Scientists have presented the results of a remarkable preclinical study that employs an epigenetic approach instead of traditional gene editing. In this method, DNA sequences are not cut and replaced — instead, scientists merely adjust the activity of specific genes. This treatment has already led to the normalization of cholesterol levels in mice.
Epigenetic editing aims to change the expression of specific genes involved in the development of disease. This approach is more attractive compared to traditional CRISPR gene editing because it reduces the risks of complications due to the undesired consequences of cutting DNA. Epigenetic editing occurs by adding a specific chemical marker — a methyl group — to DNA, to turn a gene off or on depending on the goal.
Using mouse models with high cholesterol levels as examples, scientists demonstrated in Nature that editing the epigenome effectively addresses the pathology. The target during the treatment was the Pcsk9 gene, associated with high cholesterol levels. After a month, Pcsk9 protein levels dropped to normal and remained low over 11 months of observation.
By the end of the experiment, scientists observed no signs of regression, suggesting the improvements could be stable over a long period. Further observations and experiments will reveal whether the effect can last for years.

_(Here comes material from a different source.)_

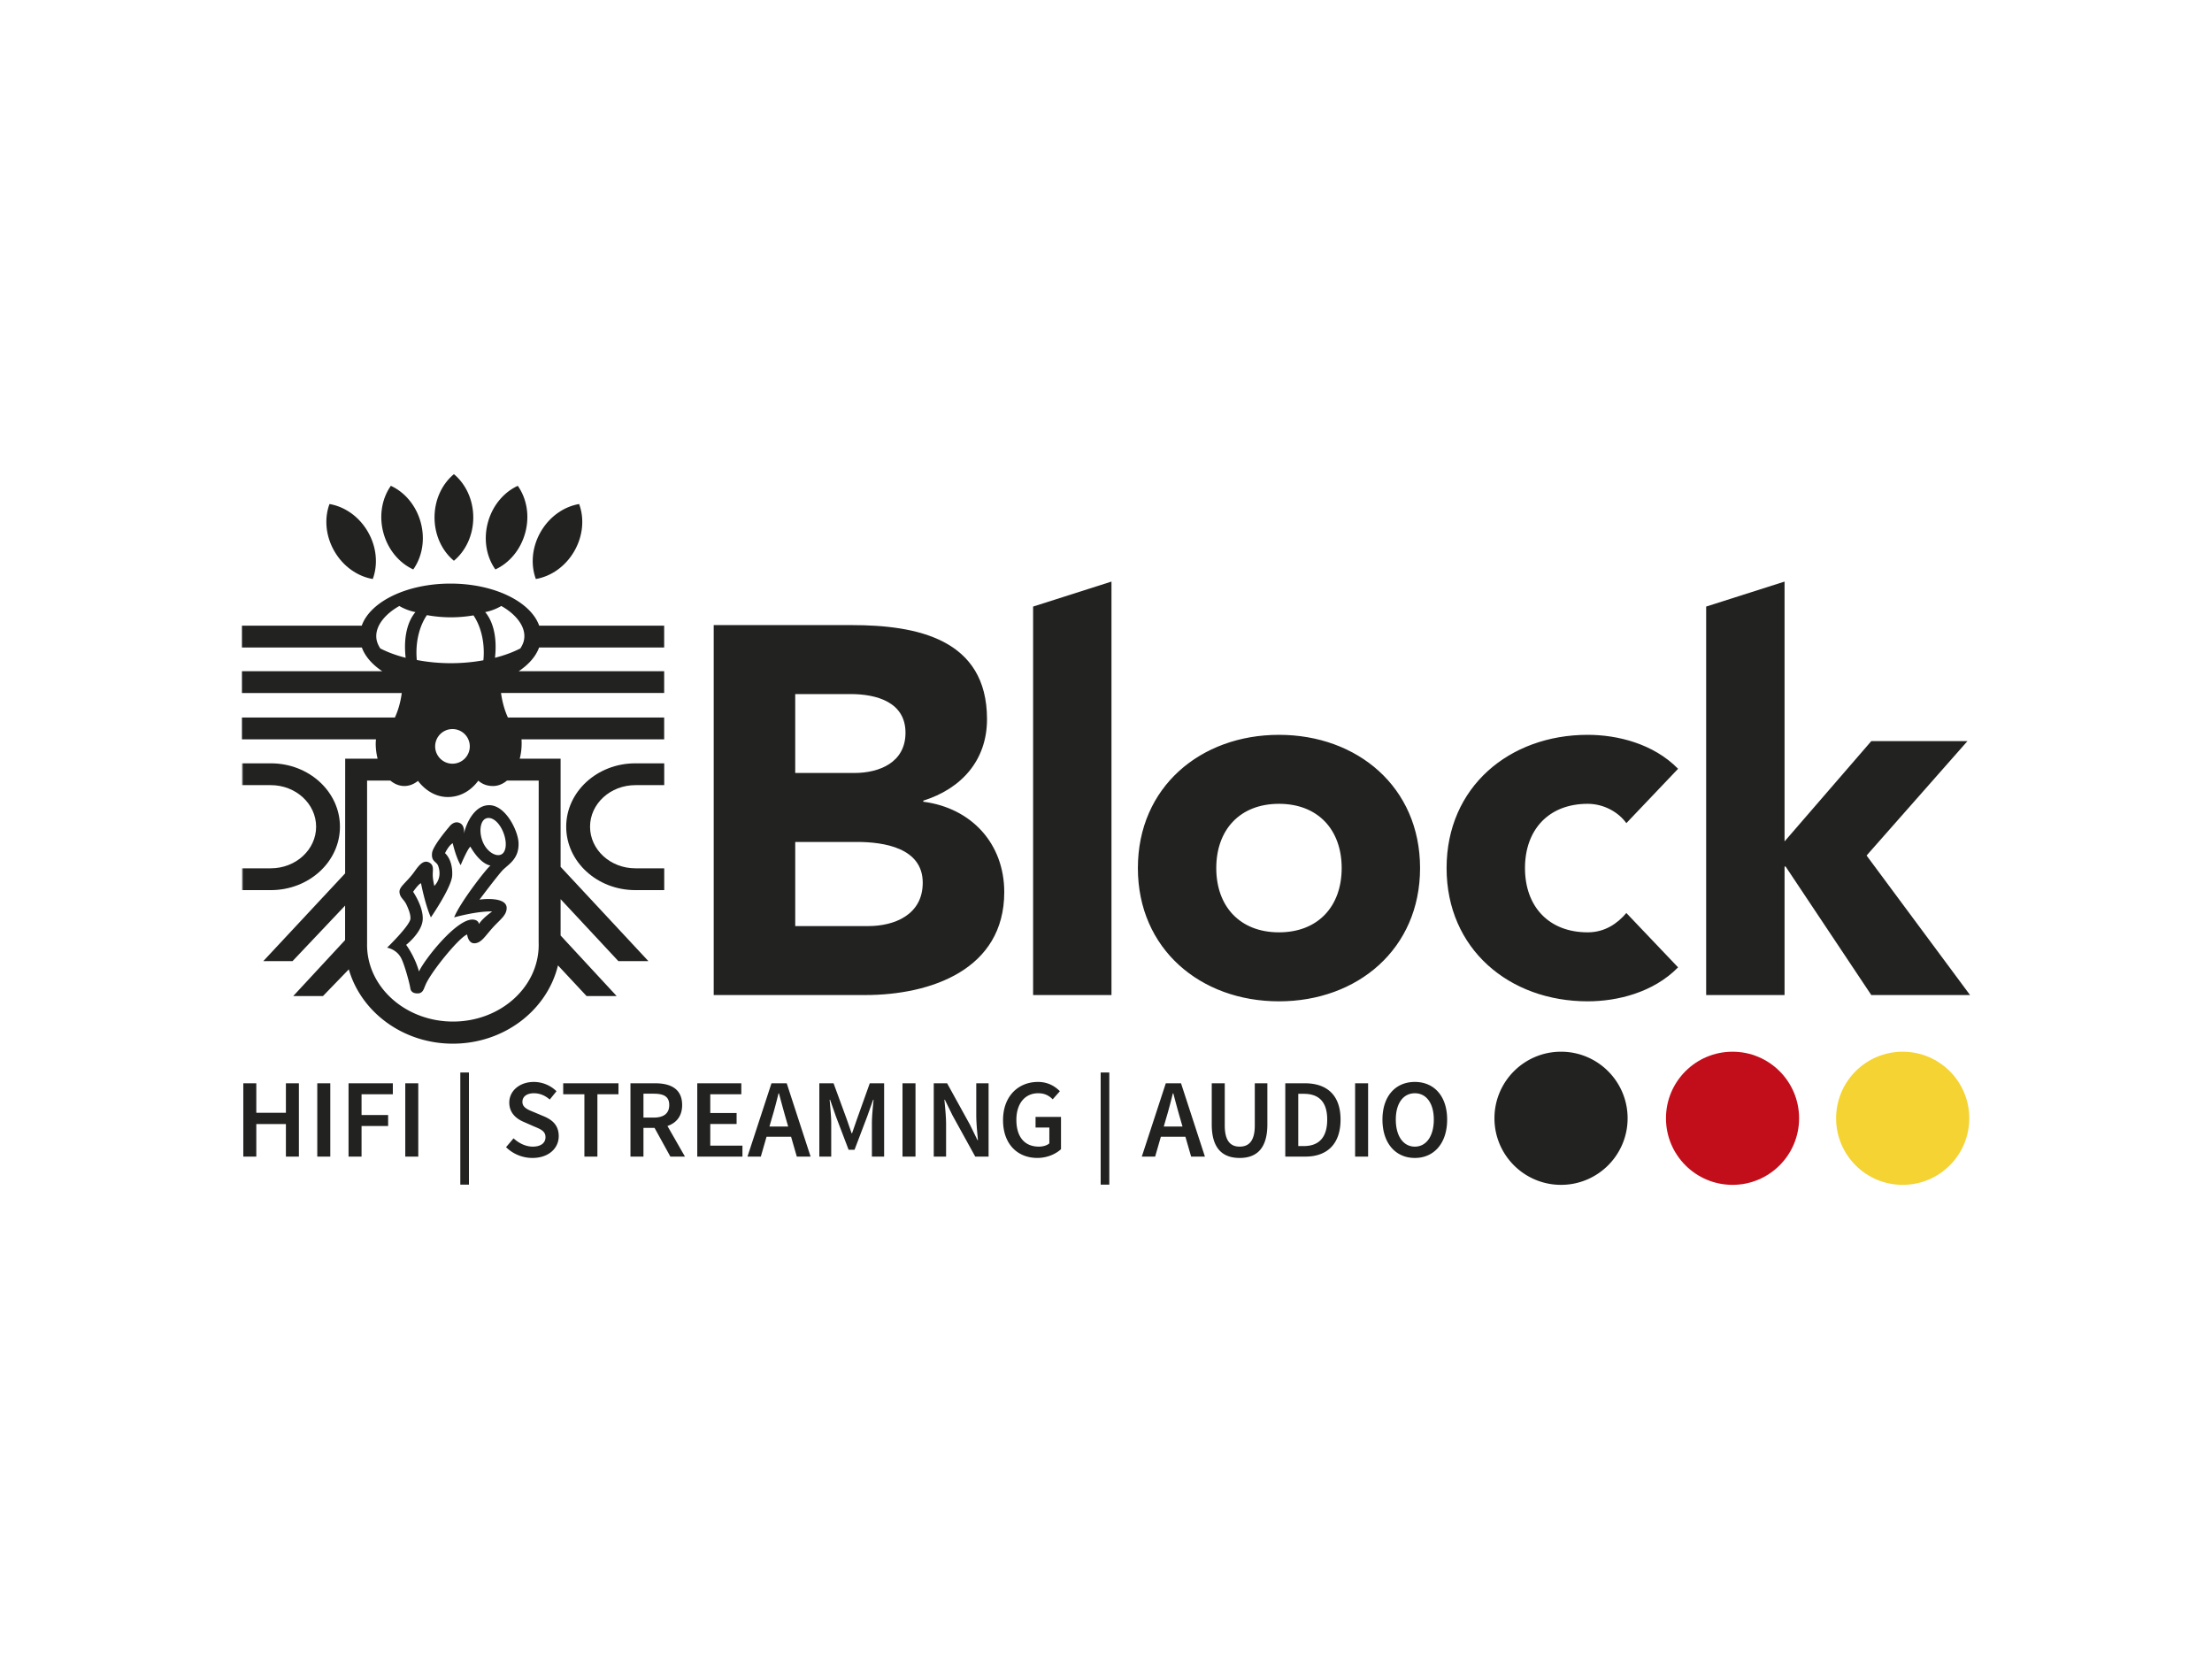 <svg xmlns="http://www.w3.org/2000/svg" xmlns:xlink="http://www.w3.org/1999/xlink" width="640" height="480"><defs><path id="a" d="M0 0h500v205.627H0z"/><path id="c" d="M0 0h500v205.627H0z"/></defs><g fill="none" fill-rule="evenodd"><path fill="#222221" fill-rule="nonzero" d="M206.498 180.859h39.918c18.746 0 39.157 3.931 39.157 27.215 0 11.942-7.41 20.11-18.444 23.584v.305c14.062 1.812 23.434 12.242 23.434 26.149 0 22.375-21.167 29.785-40.218 29.785h-43.847V180.859Zm23.584 42.788h17.09c7.254 0 14.817-3.026 14.817-11.644 0-8.92-8.466-11.187-15.878-11.187h-16.029v22.83Zm0 44.295h21.169c7.412 0 15.725-3.179 15.725-12.548 0-10.13-11.338-11.792-19.049-11.792h-17.843v24.34h-.002ZM298.91 175.499l22.675-7.23V287.9H298.91v-112.4zM370.044 212.61c22.68 0 40.824 15.118 40.824 38.55 0 23.433-18.141 38.556-40.824 38.556-22.675 0-40.821-15.12-40.821-38.556 0-23.432 18.143-38.55 40.821-38.55Zm0 57.143c11.344 0 18.146-7.557 18.146-18.593s-6.805-18.592-18.146-18.592c-11.339 0-18.14 7.558-18.14 18.592-.003 11.036 6.801 18.593 18.14 18.593ZM470.554 238.161c-2.27-3.173-6.504-5.593-11.187-5.593-11.343 0-18.143 7.558-18.143 18.592 0 11.036 6.802 18.593 18.143 18.593 4.993 0 8.621-2.57 11.187-5.593l14.967 15.724c-7.104 7.257-17.533 9.83-26.154 9.83-22.677 0-40.825-15.12-40.825-38.557 0-23.429 18.145-38.549 40.825-38.549 8.621 0 19.05 2.573 26.154 9.828l-14.967 15.725ZM493.646 175.499l22.682-7.23v75.18l25.098-29.024h27.821L540.06 247.53 570 287.899h-28.574l-24.8-37.194h-.298v37.194h-22.682v-112.4zM131.329 137.187c3.396 2.817 5.605 7.376 5.605 12.528 0 5.15-2.21 9.714-5.605 12.53-3.399-2.816-5.608-7.38-5.608-12.53 0-5.15 2.207-9.709 5.608-12.528ZM149.808 140.559c2.558 3.602 3.508 8.58 2.173 13.55-1.337 4.973-4.646 8.808-8.657 10.649-2.558-3.598-3.505-8.58-2.175-13.55 1.334-4.974 4.648-8.81 8.66-10.65ZM167.562 145.827c1.535 4.14 1.167 9.193-1.408 13.652-2.572 4.46-6.77 7.304-11.118 8.047-1.531-4.14-1.165-9.195 1.407-13.657 2.575-4.457 6.766-7.303 11.119-8.042ZM113.086 140.559c-2.548 3.602-3.5 8.58-2.17 13.55 1.327 4.973 4.646 8.808 8.652 10.649 2.558-3.598 3.505-8.58 2.178-13.55-1.337-4.974-4.646-8.81-8.66-10.65Z"/><g transform="translate(70 137.187)"><mask id="b" fill="#fff"><use xlink:href="#a"/></mask><path fill="#222221" fill-rule="nonzero" d="M25.33 8.64c-1.533 4.14-1.16 9.193 1.413 13.653 2.572 4.46 6.765 7.303 11.113 8.047 1.533-4.14 1.17-9.195-1.412-13.657-2.568-4.458-6.76-7.304-11.114-8.043Z" mask="url(#b)"/></g><g transform="translate(70 137.187)"><mask id="d" fill="#fff"><use xlink:href="#c"/></mask><path fill="#222221" fill-rule="nonzero" d="M0 83.667h8.362c11.046 0 19.996 8.217 19.996 18.342 0 10.128-8.953 18.342-19.996 18.342H0v-6.308h8.342c7.246 0 13.12-5.387 13.12-12.034 0-6.644-5.874-12.032-13.12-12.032H0v-6.31Z" mask="url(#d)"/></g><path fill="#222221" fill-rule="nonzero" d="M192.182 220.854h-8.364c-11.041 0-19.999 8.216-19.999 18.342 0 10.128 8.958 18.342 19.999 18.342h8.364v-6.308h-8.342c-7.245 0-13.12-5.387-13.12-12.034 0-6.645 5.872-12.032 13.12-12.032h8.342v-6.31Z"/><path fill="#222221" fill-rule="nonzero" d="M120.203 177.102a15.005 15.005 0 0 1-4.668-1.773c-3.97 2.248-6.671 5.46-6.671 8.7 0 1.33.407 2.377 1.158 3.583 2.36 1.202 4.81 2.062 7.344 2.704-.763-6.826.99-11.08 2.837-13.214Zm.288 11.692c0 .734.039 1.459.104 2.164 3.178.608 6.477.925 9.854.925 3.222 0 6.37-.288 9.41-.843.074-.734.112-1.485.112-2.246 0-4.222-1.138-8.032-2.98-10.747a38.476 38.476 0 0 1-13.472-.07c-1.865 2.72-3.028 6.559-3.028 10.817Zm19.887-11.692c1.844 2.134 3.597 6.388 2.837 13.211 2.536-.642 4.987-1.502 7.342-2.703.758-1.204 1.158-2.253 1.158-3.583 0-3.24-2.694-6.453-6.671-8.7a14.934 14.934 0 0 1-4.666 1.775Zm6.296 48.752c-1.194.998-2.573 1.564-4.038 1.564-1.553 0-3.001-.448-4.246-1.547-2.234 3.037-5.359 4.733-8.823 4.733-3.367 0-6.411-1.78-8.633-4.67-1.172.944-2.512 1.482-3.936 1.482-1.47 0-2.851-.567-4.048-1.565h-6.741v46.86c0 .218-.005.439-.005.657 0 12.261 11.18 22.2 24.868 22.2 13.688 0 24.79-9.939 24.79-22.2 0-.218-.003-.439-.012-.657l.012-46.86h-9.188v.003Zm-20.77-9.908c0 1.393.573 2.653 1.488 3.564a4.99 4.99 0 0 0 3.52 1.45 5.015 5.015 0 0 0 5.014-5.014 5.004 5.004 0 0 0-5.012-5.002 5.005 5.005 0 0 0-5.01 5.002Zm52.522 72.249h-8.706l-8.28-8.876c-3.144 12.965-15.568 22.647-30.414 22.647-14.406 0-26.53-9.12-30.107-21.501l-7.48 7.73h-8.602l15.009-16.203.004-9.98-15.207 16.07h-8.464l23.679-25.389.017-33.183h9.379a18.043 18.043 0 0 1-.548-4.424c0-.3.066-1.078.073-1.167H70.005v-6.313h44.253a24.224 24.224 0 0 0 1.565-4.728c.175-.77.313-1.563.422-2.37h-46.24v-6.312h40.579c-2.878-1.92-4.947-4.268-5.891-6.855H70.005v-6.313h34.656c2.466-6.952 13.025-12.177 25.674-12.177 12.65 0 23.201 5.228 25.672 12.177h36.158v6.313h-36.187c-.945 2.587-3.01 4.934-5.891 6.855h42.078v6.31h-47.204c.14 1.04.34 2.05.582 3.026.36 1.441.835 2.807 1.41 4.072h45.212v6.312h-41.274c.017.386.037.773.037 1.168 0 1.56-.2 3.047-.548 4.423H162.2v31.299l25.398 27.27h-8.687L162.2 260.155v10.513l16.227 17.528Z"/><path fill="#222221" d="M117.51 273.377s2.497 3.297 3.715 7.706c1.565-3.447 11.043-15.547 15.757-15.011 1.565.179 1.587 1.293 1.587 1.293 1.06-1.742 3.837-3.653 3.837-3.653-4.542-.123-11.007 1.713-11.007 1.713 1.69-4.322 9.675-14.551 10.522-14.99-3.25-.617-5.818-5.47-5.818-5.47-.807.546-2.825 5.352-2.825 5.352-1.397-2.34-2.291-6.347-2.291-6.347-1.165.632-2.231 2.878-2.231 2.878s2.29 1.822 2.08 6.438c-.15 3.426-6.166 12.139-6.166 12.139-1.667-3.648-2.856-9.871-2.856-9.871-.645.1-2.29 2.466-2.29 2.466s3.118 4.522 2.764 8.23c-.356 3.7-4.779 7.127-4.779 7.127Zm22.033-30.172c1.027 2.921 3.667 4.752 5.387 4.062 1.565-.627 1.848-3.483.722-6.363-1.136-2.905-3.157-4.625-4.838-4.167-1.787.477-2.3 3.546-1.271 6.468Zm-27.545 30.986s6.688-6.48 6.761-8.427c.041-1.335-.627-2.866-1.117-3.936-.758-1.662-1.8-1.96-2.04-3.518-.24-1.564 1.464-2.555 3.52-5.094 1.379-1.618 2.982-4.98 5.24-3.56 1.209.758.843 2.041.843 3.44 0 1.4.46 3.23.46 3.23 2.025-2.16 1.565-4.52 1.114-5.796-.465-1.318-2.078-1.204-1.766-3.757.252-2.122 4.993-7.599 4.993-7.599s1.373-1.962 3.17-.967c1.226.676 1.13 2.508 1.074 3.019a9.54 9.54 0 0 1 .087-.412c.402-1.882 2.682-8.01 7.364-7.846 4.677.16 8.19 7.441 8.328 10.876.191 4.617-2.837 6.167-4.532 7.863-1.304 1.315-6.773 8.597-6.773 8.597 1.056-.199 7.79-.85 7.868 2.354.043 2.125-1.878 3.387-3.82 5.509-2.46 2.691-3.411 4.59-5.373 4.75-1.962.16-2.236-2.522-2.246-2.541-2.1.717-9.398 9.54-11.622 13.715-.935 1.752-.884 2.851-2.132 3.273 0 0-2.388.49-2.674-1.405-.24-1.563-1.64-6.705-2.614-8.662-1.342-2.687-4.113-3.106-4.113-3.106Z"/><path fill="#F4D332" fill-rule="nonzero" d="M569.77 323.55c0 10.64-8.628 19.263-19.262 19.263-10.642 0-19.263-8.626-19.263-19.262 0-10.634 8.624-19.26 19.263-19.26 10.634 0 19.262 8.626 19.262 19.26Z"/><path fill="#C20E1A" fill-rule="nonzero" d="M520.534 323.55c0 10.64-8.621 19.263-19.255 19.263-10.644 0-19.263-8.626-19.263-19.262 0-10.634 8.621-19.26 19.263-19.26 10.634 0 19.255 8.626 19.255 19.26Z"/><path fill="#222221" fill-rule="nonzero" d="M470.917 323.55c0 10.64-8.628 19.263-19.265 19.263-10.636 0-19.26-8.626-19.26-19.262 0-10.634 8.624-19.26 19.26-19.26 10.637 0 19.265 8.626 19.265 19.26ZM70.395 313.426h3.762v8.529h8.563v-8.53h3.762v21.213H82.72v-9.408h-8.563v9.408h-3.762zM91.799 313.426h3.764v21.212h-3.764zM100.846 313.426h12.814v3.178h-9.052v6.003h7.688v3.178h-7.688v8.853h-3.762zM117.257 313.426h3.762v21.212h-3.762zM133.182 310.31h2.497v32.438h-2.497zM148.585 329.352c1.524 1.43 3.568 2.403 5.547 2.403 2.367 0 3.697-1.073 3.697-2.727 0-1.752-1.362-2.301-3.31-3.113l-2.884-1.267c-2.112-.872-4.285-2.526-4.285-5.639 0-3.377 2.984-5.971 7.104-5.971 2.498 0 4.898 1.04 6.553 2.691l-1.945 2.403c-1.328-1.138-2.788-1.819-4.605-1.819-2.01 0-3.307.942-3.307 2.495 0 1.657 1.62 2.272 3.372 2.984l2.856 1.202c2.53 1.068 4.28 2.66 4.28 5.74 0 3.438-2.855 6.296-7.62 6.296a10.92 10.92 0 0 1-7.623-3.115l2.17-2.563ZM169.083 316.604h-6.131v-3.178h15.99v3.178h-6.097v18.034h-3.762zM186.172 323.35h2.985c2.919 0 4.476-1.23 4.476-3.631 0-2.437-1.557-3.278-4.476-3.278h-2.985v6.909Zm7.786 11.288-4.574-8.304h-3.212v8.304h-3.761v-21.212h7.136c4.41 0 7.819 1.557 7.819 6.293 0 3.243-1.688 5.19-4.251 6.065l5.06 8.854h-4.217ZM201.741 313.426h12.746v3.178h-8.984v5.419h7.62v3.178h-7.62v6.262h9.309v3.175h-13.071zM228.042 325.944l-.746-2.594a298.75 298.75 0 0 1-1.913-7.008h-.131c-.584 2.37-1.2 4.77-1.882 7.008l-.746 2.594h5.418Zm.843 2.955h-7.102l-1.654 5.739h-3.86l6.943-21.212h4.409l6.91 21.212h-3.991l-1.655-5.739ZM237.056 313.426h4.118l3.83 10.445 1.392 4.02h.131l1.395-4.02 3.73-10.445h4.153v21.212h-3.535v-9.7c0-1.976.294-4.798.485-6.745h-.128l-1.718 4.832-3.665 9.636h-1.717l-3.668-9.636-1.688-4.832h-.128c.16 1.947.453 4.77.453 6.746v9.699h-3.44v-21.212ZM261.122 313.426h3.762v21.212h-3.762zM270.167 313.426h3.86l6.585 11.937 2.206 4.508h.131c-.196-2.173-.487-4.87-.487-7.233v-9.212h3.566v21.212h-3.861l-6.584-11.937-2.204-4.508h-.131c.196 2.24.484 4.8.484 7.17v9.275h-3.568v-21.212h.003ZM300.33 313.036c2.952 0 4.994 1.332 6.324 2.69l-2.073 2.338c-1.071-1.039-2.239-1.753-4.218-1.753-3.761 0-6.293 2.92-6.293 7.688 0 4.833 2.272 7.754 6.519 7.754 1.165 0 2.335-.327 3.018-.945v-4.576h-3.99v-3.078h7.364v9.338c-1.46 1.364-3.958 2.534-6.843 2.534-5.646 0-9.927-3.893-9.927-10.935 0-6.935 4.411-11.055 10.118-11.055ZM318.458 310.31h2.498v32.438h-2.498zM342.134 325.944l-.748-2.594c-.65-2.238-1.294-4.67-1.912-7.008h-.133c-.584 2.37-1.199 4.77-1.88 7.008l-.746 2.594h5.419Zm.843 2.955h-7.105l-1.652 5.739h-3.86l6.94-21.212h4.408l6.91 21.212h-3.987l-1.654-5.739ZM350.595 313.426h3.765v12.194c0 4.604 1.753 6.133 4.314 6.133 2.592 0 4.377-1.529 4.377-6.133v-12.194h3.636v11.903c0 6.974-3.115 9.701-8.013 9.701-4.932 0-8.079-2.727-8.079-9.701v-11.903ZM377.255 331.588c4.285 0 6.747-2.432 6.747-7.654 0-5.189-2.464-7.459-6.747-7.459h-1.623v15.113h1.623Zm-5.382-18.162h5.644c6.487 0 10.346 3.5 10.346 10.508 0 7.039-3.861 10.704-10.152 10.704h-5.838v-21.212ZM392.075 313.426h3.762v21.212h-3.762zM414.845 323.934c0-4.736-2.17-7.621-5.482-7.621-3.342 0-5.513 2.885-5.513 7.62 0 4.77 2.17 7.822 5.513 7.822 3.31 0 5.482-3.052 5.482-7.821Zm-14.856 0c0-6.843 3.827-10.898 9.374-10.898 5.516 0 9.34 4.055 9.34 10.898 0 6.877-3.824 11.096-9.34 11.096-5.547 0-9.374-4.22-9.374-11.096Z"/></g></svg>

Currently, dozens of different studies are being conducted that focus on epigenetic editing for the treatment or prevention of specific diseases. For example, a pilot clinical study targeting the MYC gene, which is overexpressed in many types of cancer, is already underway. If scientists manage to silence it, this could provide protection against cancer. Confirmation or refutation of this hypothesis will soon be obtained.
Recently, in another study, scientists discovered that epigenetic factors play a major role in the metastasis of cancer. It turns out that the impact on cells throughout life is more important than the genetic information encoded within them.